Rade Zagorac

Free Agent
- Position: Small forward / power forward

Personal information
- Born: 12 August 1995 (age 31) Belgrade, Serbia, FR Yugoslavia
- Listed height: 2.05 m (6 ft 9 in)
- Listed weight: 100 kg (220 lb)

Career information
- NBA draft: 2016: 2nd round, 35th overall pick
- Drafted by: Boston Celtics
- Playing career: 2012–present

Career history
- 2012–2017: Mega Basket
- 2013–2014: →Smederevo 1953
- 2017–2018: Real Betis
- 2018–2022: Partizan
- 2022–2023: Avtodor Saratov
- 2023–2024: Samara
- 2024–2025: Büyükçekmece
- 2025–2026: Kaohsiung Aquas

Career highlights
- 3× Serbian Cup winner (2016, 2019, 2020); ABA League Supercup winner (2019);
- Stats at Basketball Reference

= Rade Zagorac =

Serbian basketball player

Rade Zagorac (Раде Загорац; born 12 August 1995) is a Serbian professional basketball player who last played for the Kaohsiung Aquas of the Taiwan Professional Basketball League (TPBL). Standing at 6 ft 9 in (2.06 m), he plays at the small forward and power forward positions.

==Professional career==
Zagorac began his professional career with Mega Vizura starting with 2012–13 season. He spent the 2013–14 season on loan to Smederevo 1953. He returned to Mega for the 2014–15 season. On 1 October 2015, in the Round 1 game of the Adriatic League against Crvena zvezda, he broke his left arm. He returned to the court on 17 January in a game against Tajfun. Until the end of the season he played a total of 13 Adriatic League games, averaging 13.1 points, 5.9 rebounds and 2.4 assists per game.
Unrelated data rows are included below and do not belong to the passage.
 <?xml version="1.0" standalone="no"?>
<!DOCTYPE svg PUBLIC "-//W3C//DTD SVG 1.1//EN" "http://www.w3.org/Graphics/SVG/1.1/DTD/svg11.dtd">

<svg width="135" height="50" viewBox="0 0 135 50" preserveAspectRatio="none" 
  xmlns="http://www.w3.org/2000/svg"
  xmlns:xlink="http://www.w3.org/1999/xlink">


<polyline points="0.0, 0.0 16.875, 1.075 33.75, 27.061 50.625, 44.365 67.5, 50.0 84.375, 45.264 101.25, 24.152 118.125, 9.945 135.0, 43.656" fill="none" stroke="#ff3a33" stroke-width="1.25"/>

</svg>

Mega Leks made it to the Finals where it lost to Crvena zvezda. In April 2015, Zagorac declared himself eligible for the 2015 NBA draft, only to withdraw later. On 2 July 2016, Zagorac signed a new two-year contract with Mega Leks. Over 26 games in the 2016–17 ABA League season, he averaged 15 points, 6.5 rebounds and 2.5 assists per game.

On 23 June 2016, Zagorac was selected with the 35th overall pick in the NBA draft by the Boston Celtics. His draft rights were later traded to the Memphis Grizzlies, for a future first-round pick. He played for Grizzlies during the 2017 NBA Summer League. On 17 July 2017, he signed with the Grizzlies. On 16 October, Grizzlies waived him prior the start of the 2017–18 season.

On 28 November 2017, Zagorac signed with Spanish club Real Betis Energía Plus until the end of the 2018–19 season. On 29 June 2018, Real Betis Energía Plus parted ways with Zagorac.

On 30 June 2018, Zagorac signed a two-year deal with Partizan. He left Partizan in July 2022.

On 24 September 2022, Zagorac signed a one-year contract with Russian club Avtodor Saratov of the VTB United League. On 17 June 2023, he signed with BC Samara for the 2023–24 season.

On November 28, 2024, he signed with ONVO Büyükçekmece of the Basketbol Süper Ligi (BSL).

On December 17, 2025, Zagorac signed with the Kaohsiung Aquas of the Taiwan Professional Basketball League (TPBL).

On July 26, 2026, the Kaohsiung Aquas announced that Zagorac left the team.

==3x3 basketball career==
Zagorac won the gold medal at the 2012 FIBA 3x3 Under-18 World Championships representing Serbia national 3x3 under-18 team together with Luka Anđušić, Miloš Janković, and Mihajlo Andrić.

== Off the court ==
Zagorac and Nenad Miljenović established the ABA League Players Union in July 2020. The Union is a non-profit organization and trade union based in Belgrade, Serbia, that represents ABA League players.